§ **WORK INSTRUCTION**: Find the line containing "#339 = DIRECTION" in the entries below. Restate it and each line after it, word for word, up to and including the line containing "#985 = DIRECTION".
=== Begin Enclosure ===
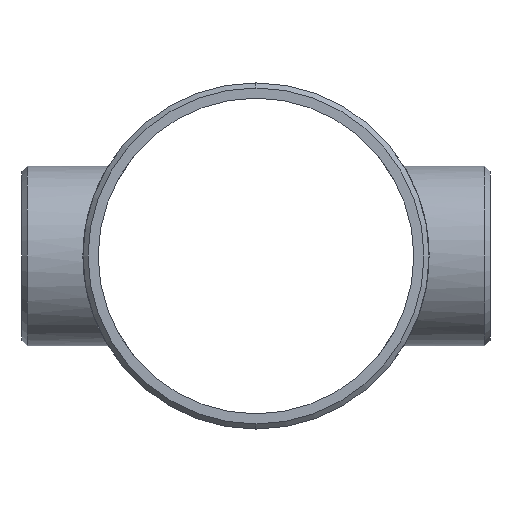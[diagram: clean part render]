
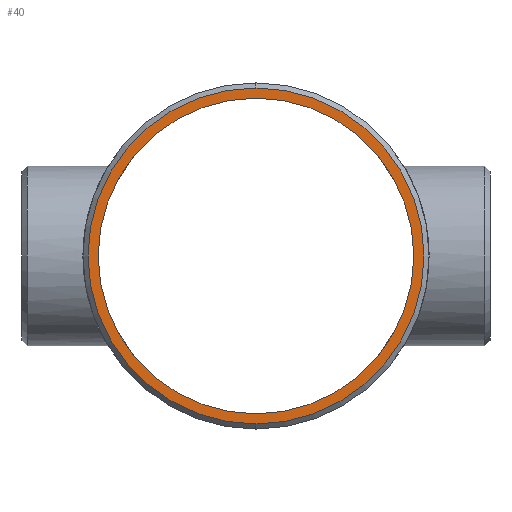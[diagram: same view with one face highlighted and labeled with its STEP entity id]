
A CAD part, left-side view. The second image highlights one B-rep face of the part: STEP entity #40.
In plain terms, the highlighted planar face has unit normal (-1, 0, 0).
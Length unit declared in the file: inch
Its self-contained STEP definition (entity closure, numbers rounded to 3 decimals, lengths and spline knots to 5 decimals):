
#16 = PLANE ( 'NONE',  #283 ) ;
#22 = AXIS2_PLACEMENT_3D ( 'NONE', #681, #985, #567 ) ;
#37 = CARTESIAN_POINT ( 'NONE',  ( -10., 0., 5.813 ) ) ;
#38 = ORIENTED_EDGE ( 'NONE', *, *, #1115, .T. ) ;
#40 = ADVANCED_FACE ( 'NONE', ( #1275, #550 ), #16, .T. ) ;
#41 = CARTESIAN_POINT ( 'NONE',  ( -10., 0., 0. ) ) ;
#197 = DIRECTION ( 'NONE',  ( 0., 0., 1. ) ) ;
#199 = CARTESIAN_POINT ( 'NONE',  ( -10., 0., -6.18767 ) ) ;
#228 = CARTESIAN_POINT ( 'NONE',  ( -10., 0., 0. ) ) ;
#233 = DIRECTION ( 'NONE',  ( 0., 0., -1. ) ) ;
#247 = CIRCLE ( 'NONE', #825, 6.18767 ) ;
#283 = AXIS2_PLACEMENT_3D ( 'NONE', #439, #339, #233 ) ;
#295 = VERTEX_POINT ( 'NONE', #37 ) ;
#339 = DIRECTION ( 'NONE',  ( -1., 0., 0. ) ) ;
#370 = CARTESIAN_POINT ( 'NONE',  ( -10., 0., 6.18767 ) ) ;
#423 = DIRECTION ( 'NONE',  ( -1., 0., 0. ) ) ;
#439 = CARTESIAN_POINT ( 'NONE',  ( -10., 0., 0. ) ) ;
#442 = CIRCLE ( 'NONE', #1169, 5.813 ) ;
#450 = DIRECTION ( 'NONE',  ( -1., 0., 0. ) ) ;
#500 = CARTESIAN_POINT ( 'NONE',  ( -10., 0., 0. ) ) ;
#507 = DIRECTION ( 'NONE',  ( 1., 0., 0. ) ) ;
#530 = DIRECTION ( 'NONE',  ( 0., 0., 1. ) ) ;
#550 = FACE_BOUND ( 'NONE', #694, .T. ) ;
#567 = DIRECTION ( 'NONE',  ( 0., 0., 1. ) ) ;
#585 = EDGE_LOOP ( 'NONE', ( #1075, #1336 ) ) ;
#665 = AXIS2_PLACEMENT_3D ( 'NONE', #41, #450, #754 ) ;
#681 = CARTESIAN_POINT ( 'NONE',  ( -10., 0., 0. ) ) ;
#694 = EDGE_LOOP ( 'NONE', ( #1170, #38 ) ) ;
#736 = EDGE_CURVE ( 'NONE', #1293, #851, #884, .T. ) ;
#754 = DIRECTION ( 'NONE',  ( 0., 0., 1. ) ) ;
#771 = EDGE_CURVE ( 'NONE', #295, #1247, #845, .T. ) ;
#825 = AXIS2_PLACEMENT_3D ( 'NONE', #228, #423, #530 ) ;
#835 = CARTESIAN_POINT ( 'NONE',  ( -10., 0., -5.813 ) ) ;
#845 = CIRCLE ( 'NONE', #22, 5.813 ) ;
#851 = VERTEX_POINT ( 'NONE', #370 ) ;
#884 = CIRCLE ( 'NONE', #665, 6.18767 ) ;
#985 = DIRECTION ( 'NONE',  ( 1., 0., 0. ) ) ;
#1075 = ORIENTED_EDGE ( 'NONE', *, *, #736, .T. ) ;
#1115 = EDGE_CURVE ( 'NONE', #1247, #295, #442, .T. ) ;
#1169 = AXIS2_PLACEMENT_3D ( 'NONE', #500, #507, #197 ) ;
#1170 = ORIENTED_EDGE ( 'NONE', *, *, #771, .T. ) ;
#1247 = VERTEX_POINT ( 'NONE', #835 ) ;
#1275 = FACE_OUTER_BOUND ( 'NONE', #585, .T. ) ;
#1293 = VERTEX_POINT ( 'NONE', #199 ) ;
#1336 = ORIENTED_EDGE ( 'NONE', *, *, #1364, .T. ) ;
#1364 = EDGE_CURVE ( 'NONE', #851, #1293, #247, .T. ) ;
=== End Enclosure ===
§ **ANSWER BOX**:
#339 = DIRECTION ( 'NONE',  ( -1., 0., 0. ) ) ;
#370 = CARTESIAN_POINT ( 'NONE',  ( -10., 0., 6.18767 ) ) ;
#423 = DIRECTION ( 'NONE',  ( -1., 0., 0. ) ) ;
#439 = CARTESIAN_POINT ( 'NONE',  ( -10., 0., 0. ) ) ;
#442 = CIRCLE ( 'NONE', #1169, 5.813 ) ;
#450 = DIRECTION ( 'NONE',  ( -1., 0., 0. ) ) ;
#500 = CARTESIAN_POINT ( 'NONE',  ( -10., 0., 0. ) ) ;
#507 = DIRECTION ( 'NONE',  ( 1., 0., 0. ) ) ;
#530 = DIRECTION ( 'NONE',  ( 0., 0., 1. ) ) ;
#550 = FACE_BOUND ( 'NONE', #694, .T. ) ;
#567 = DIRECTION ( 'NONE',  ( 0., 0., 1. ) ) ;
#585 = EDGE_LOOP ( 'NONE', ( #1075, #1336 ) ) ;
#665 = AXIS2_PLACEMENT_3D ( 'NONE', #41, #450, #754 ) ;
#681 = CARTESIAN_POINT ( 'NONE',  ( -10., 0., 0. ) ) ;
#694 = EDGE_LOOP ( 'NONE', ( #1170, #38 ) ) ;
#736 = EDGE_CURVE ( 'NONE', #1293, #851, #884, .T. ) ;
#754 = DIRECTION ( 'NONE',  ( 0., 0., 1. ) ) ;
#771 = EDGE_CURVE ( 'NONE', #295, #1247, #845, .T. ) ;
#825 = AXIS2_PLACEMENT_3D ( 'NONE', #228, #423, #530 ) ;
#835 = CARTESIAN_POINT ( 'NONE',  ( -10., 0., -5.813 ) ) ;
#845 = CIRCLE ( 'NONE', #22, 5.813 ) ;
#851 = VERTEX_POINT ( 'NONE', #370 ) ;
#884 = CIRCLE ( 'NONE', #665, 6.18767 ) ;
#985 = DIRECTION ( 'NONE',  ( 1., 0., 0. ) ) ;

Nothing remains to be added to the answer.